The first big development step for many remodeling company owners is a transition from tradesperson to businessperson. They begin, as author Michael Gerber says, to work on their business not simply in it.

The next significant step is a shift in management style and structure, from entrepreneurial to departmental. With entrepreneurial management everything revolves around the strengths and weaknesses of the owner. The organizational chart may have boxes labeled production manager, sales manager, business manager, etc., but these managers function more as assistants with all real decisions made by the owner.

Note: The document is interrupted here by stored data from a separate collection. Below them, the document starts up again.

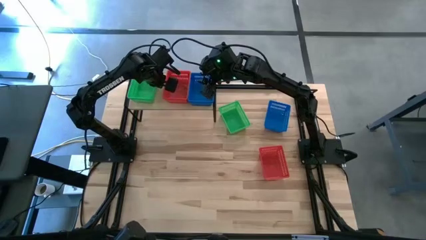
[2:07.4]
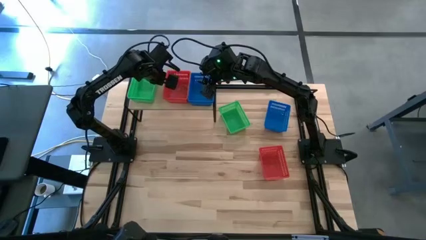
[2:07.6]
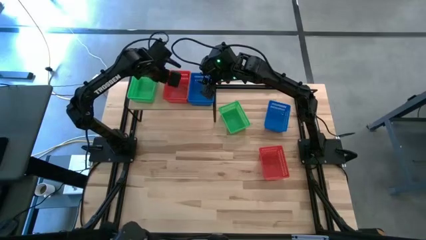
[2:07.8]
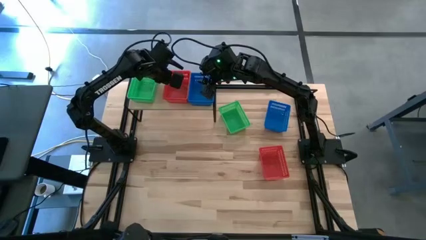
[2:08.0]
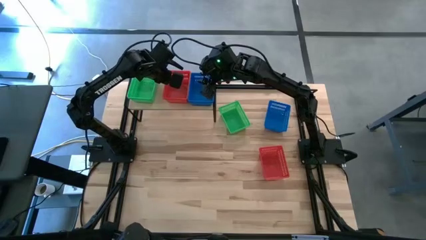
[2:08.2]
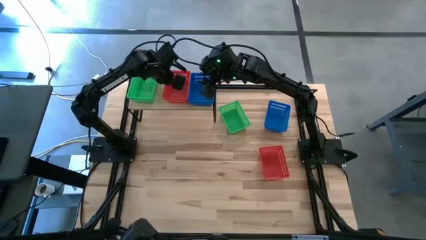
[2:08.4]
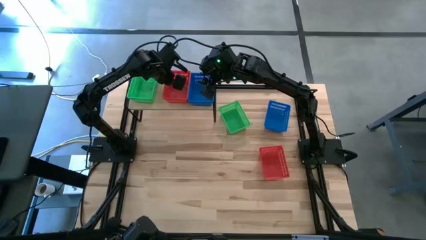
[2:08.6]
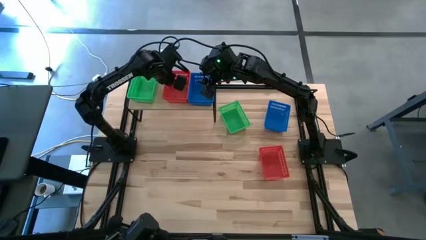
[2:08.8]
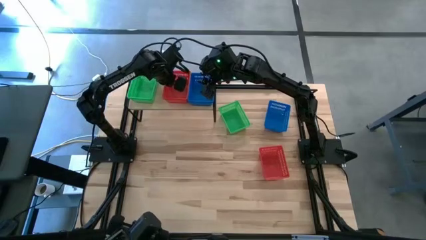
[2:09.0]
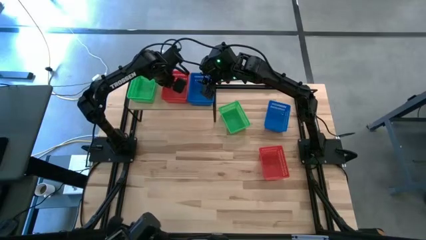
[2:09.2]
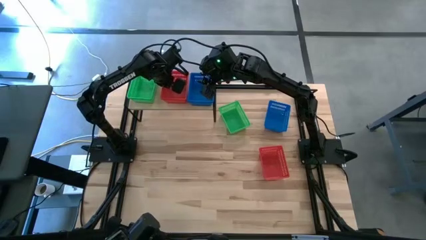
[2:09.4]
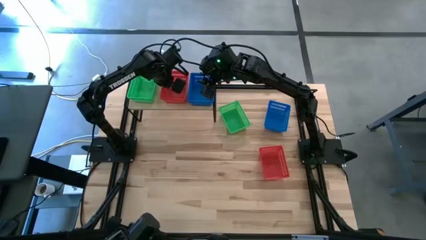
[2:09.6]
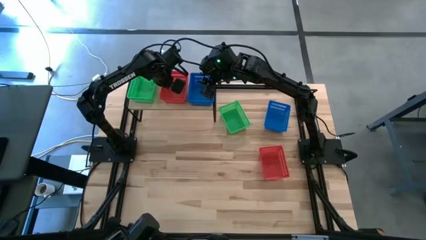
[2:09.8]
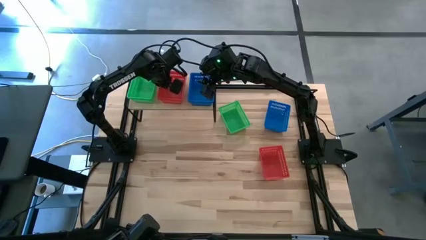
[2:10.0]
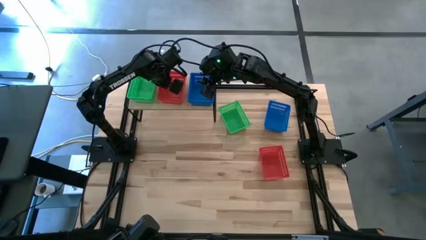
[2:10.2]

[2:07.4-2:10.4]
Task: Stack baskets on shelf by color
Adjust the red basket on the shelf

In a departmental management system, responsibilities and authority are delegated to a team of managers. Sharing authority can be difficult for an entrepreneur who has succeeded thus far through personal instincts and spontaneity. But growth requires accepting that the practices which created success in the past are not always the same ones which will create success in the future. Business growth sometimes stalls at this point, as the owner contemplates the risks and rewards of departmental management.

Delegating

Owners who emerge from this assessment with a commitment to building a departmental team will face challenges and see potential benefits. Among the challenges are recruiting, training and employing capable managers, providing day-to-day leadership, delegating without abdicating, and submitting themselves to working within a team context. Potential benefits include tapping into a deeper stream of energy than any one person can provide, better business decisions, greater stability and sustainability, and increased freedom for the owner.

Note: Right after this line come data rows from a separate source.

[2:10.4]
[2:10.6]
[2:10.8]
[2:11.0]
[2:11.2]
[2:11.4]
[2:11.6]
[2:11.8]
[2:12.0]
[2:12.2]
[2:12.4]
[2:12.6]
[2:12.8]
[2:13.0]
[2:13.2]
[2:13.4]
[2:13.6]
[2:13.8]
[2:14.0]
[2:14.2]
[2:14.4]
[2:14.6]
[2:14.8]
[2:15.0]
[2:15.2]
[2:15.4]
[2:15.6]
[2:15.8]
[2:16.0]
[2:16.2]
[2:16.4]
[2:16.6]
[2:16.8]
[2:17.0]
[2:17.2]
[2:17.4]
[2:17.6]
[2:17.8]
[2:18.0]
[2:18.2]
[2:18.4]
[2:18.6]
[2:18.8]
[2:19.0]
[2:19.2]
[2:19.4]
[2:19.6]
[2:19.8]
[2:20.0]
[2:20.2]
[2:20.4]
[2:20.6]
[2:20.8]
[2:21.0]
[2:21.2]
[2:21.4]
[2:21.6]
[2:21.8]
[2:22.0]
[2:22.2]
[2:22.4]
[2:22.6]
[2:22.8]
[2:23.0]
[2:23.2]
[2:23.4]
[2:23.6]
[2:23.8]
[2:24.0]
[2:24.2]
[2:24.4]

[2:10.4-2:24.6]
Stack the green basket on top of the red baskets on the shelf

Implementing this system starts with identifying a few key metrics in every aspect of your business. Without metrics, decisions are based on intuition. And as a company grows, intuition becomes an increasingly unreliable basis for good decisions. Metrics provide reliable, objective data.

Setting departmental benchmarks

Department managers use the defined metrics for their area to set meaningful, measurable goals and track progress toward reaching them. Managers use metrics data for making day-to-day decisions and to assemble status reports for review with the general manager (usually the owner). Key metrics, when thoughtfully identified and accurately tracked, enable the GM to discern current conditions in every department. Has the company met target gross margins on all jobs completed since the last production meeting? Are all open production files on schedule? When must the next job move to production in order to maintain maximum efficiency — and does that date align with the sales department’s projection for the next signed contract?

Summary reports based on metrics provide valuable information for managing the day-to-day activities of each department. For example, a report of inquiries by source contains essential information for making effective marketing decisions.

Managing the team

Departmental management meetings are conducted weekly or bi-weekly. It is essential that the GM honor the preset meeting schedule and established time limit so both parties can plan effectively; this reduces impulsive and inefficient hallway drive-by meetings. The department managers (not the GM) facilitate these meetings, and the GM must be careful not to hijack them.

In addition to individual department meetings, there should be regular monthly meetings, facilitated by the GM, which include all department managers. These meetings provide opportunity for communication and sharing of information between departments. Since the management team has, individually and as a group, participated in setting company goals, they understand the relevance of the metrics being reviewed and can see the progress (or lack thereof) toward achieving the goals. The team now has accurate information for brainstorming solutions to problems and proposing ways to capitalize on opportunities.

Implementing a departmental management structure is not simple, but for remodelers who want to grow their business to greater independence and sustainability, the benefit is worth the effort. With continued growth, departments can be subdivided and managers added, each with their own goals, metrics, and reporting data. The size of the management team may increase over time but the basic management structure will never need to change.